Key grant information includes:
Applications are due January 15, 2025
Approximately $500K is potentially available (Outreach Services funding – 2 yr)
$750K potentially available in Document Recording Surcharge funding
There is no match required
The City’s Homeless Outreach team often receives homeless related complaints for areas just
along the outskirts of the City of Spokane Valley’s boundaries, including Millwood, along the
Spokane river, and the Dishman Hills (see attached map). Not addressing these complaints leads
to homeless activity that crosses into the City or could lead to safety impacts such as fires. Staff
is looking for council direction about expanding the homeless outreach response area as shown
in the map.
The cost for the current Homeless Outreach program is $200,419 per year. The cost of the
contract is expected to increase to $260,000 per year if another ½ FTE social worker was hired.
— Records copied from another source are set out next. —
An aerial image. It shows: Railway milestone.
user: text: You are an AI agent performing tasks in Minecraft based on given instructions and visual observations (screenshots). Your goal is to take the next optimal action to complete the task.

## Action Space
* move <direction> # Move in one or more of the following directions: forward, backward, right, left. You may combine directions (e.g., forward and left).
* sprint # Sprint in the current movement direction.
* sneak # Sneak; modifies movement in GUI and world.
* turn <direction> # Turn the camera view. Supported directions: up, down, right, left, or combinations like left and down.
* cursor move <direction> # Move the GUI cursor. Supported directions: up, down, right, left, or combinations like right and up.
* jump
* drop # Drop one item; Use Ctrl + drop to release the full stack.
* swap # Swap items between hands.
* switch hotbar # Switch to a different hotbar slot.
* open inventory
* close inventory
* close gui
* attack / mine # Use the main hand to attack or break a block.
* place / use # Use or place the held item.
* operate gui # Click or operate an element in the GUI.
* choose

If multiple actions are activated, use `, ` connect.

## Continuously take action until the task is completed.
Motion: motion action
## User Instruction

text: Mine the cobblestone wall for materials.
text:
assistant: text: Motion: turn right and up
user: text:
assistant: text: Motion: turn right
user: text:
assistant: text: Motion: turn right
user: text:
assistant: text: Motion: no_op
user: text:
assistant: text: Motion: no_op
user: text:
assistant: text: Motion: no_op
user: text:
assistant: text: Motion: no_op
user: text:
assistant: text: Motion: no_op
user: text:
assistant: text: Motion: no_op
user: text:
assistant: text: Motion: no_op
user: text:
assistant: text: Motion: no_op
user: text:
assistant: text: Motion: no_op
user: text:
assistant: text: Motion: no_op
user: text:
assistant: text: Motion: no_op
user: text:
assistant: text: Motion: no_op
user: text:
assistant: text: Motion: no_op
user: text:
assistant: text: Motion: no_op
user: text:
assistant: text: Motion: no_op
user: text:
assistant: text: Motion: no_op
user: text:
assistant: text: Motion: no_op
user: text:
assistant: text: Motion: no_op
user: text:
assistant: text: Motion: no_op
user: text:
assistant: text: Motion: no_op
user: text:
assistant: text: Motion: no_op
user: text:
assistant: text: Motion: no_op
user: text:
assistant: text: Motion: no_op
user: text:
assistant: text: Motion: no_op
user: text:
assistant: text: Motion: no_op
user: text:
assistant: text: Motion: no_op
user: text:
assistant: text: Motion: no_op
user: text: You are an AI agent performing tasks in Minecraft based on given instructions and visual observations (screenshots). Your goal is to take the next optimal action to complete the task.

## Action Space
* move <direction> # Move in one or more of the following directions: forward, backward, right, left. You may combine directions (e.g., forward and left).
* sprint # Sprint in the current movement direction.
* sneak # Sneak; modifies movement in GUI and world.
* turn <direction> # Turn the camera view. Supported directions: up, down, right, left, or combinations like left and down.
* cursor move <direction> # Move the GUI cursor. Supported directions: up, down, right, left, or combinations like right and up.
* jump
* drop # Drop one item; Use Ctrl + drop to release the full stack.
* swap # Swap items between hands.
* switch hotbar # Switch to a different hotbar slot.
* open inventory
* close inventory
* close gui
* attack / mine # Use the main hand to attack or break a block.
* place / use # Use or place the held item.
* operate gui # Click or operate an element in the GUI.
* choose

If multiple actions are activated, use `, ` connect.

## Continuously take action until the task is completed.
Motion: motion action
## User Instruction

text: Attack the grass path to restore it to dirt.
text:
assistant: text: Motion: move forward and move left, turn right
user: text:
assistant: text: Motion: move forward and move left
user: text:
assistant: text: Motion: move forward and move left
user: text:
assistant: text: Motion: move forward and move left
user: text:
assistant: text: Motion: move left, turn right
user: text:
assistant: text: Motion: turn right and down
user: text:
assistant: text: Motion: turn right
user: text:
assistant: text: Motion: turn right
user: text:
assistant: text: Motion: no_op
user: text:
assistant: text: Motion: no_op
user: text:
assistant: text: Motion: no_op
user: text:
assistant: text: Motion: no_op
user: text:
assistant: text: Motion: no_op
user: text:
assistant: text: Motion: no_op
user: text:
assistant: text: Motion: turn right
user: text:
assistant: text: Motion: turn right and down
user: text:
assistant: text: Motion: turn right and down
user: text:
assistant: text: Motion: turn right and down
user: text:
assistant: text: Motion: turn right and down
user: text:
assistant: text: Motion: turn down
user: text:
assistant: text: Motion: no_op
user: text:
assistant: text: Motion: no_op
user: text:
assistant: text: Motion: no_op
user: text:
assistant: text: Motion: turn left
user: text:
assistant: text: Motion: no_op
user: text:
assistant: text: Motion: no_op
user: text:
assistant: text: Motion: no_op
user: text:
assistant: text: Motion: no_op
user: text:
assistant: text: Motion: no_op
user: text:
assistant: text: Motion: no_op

The approximate cost of one Outreach SVPD officer ranges from $150,000 to $210,000 per year,
paid from the Public Safety fund.
Staff recommends applying for the grant with optional funding requests up to a portion of the total
cost of the homeless outreach program over a two-year period. Staff also recommend extending
the FHB contract up to two years to match the grant funding cycle. The scope of work for the
Homeless Outreach Program is eligible for this RFP.
OPTIONS: Discussion only.
RECOMMENDED ACTION OR MOTION: Staff requests Council consensus to (1) further develop
a grant application and return to Council on December 23, 2024, for a motion consideration
authorizing the City Manager to submit the recommended application to Spokane County HCD,
and (2) extend the term of the Frontier Behavioral Health contract for Homeless Outreach
Services for the grant funding cycle.
BUDGET/FINANCIAL IMPACTS: The City HHAA fund (Fund #110) end balance for 2024 is
expected to be about $126,000, which should cover cash flow needs. The Homeless Outreach
Services contract with FBH is $200,419 and anticipated to run through June 2025. In the 2025
budget, the City anticipates annual HHAA revenues of approximately $300,000 in Fund #110.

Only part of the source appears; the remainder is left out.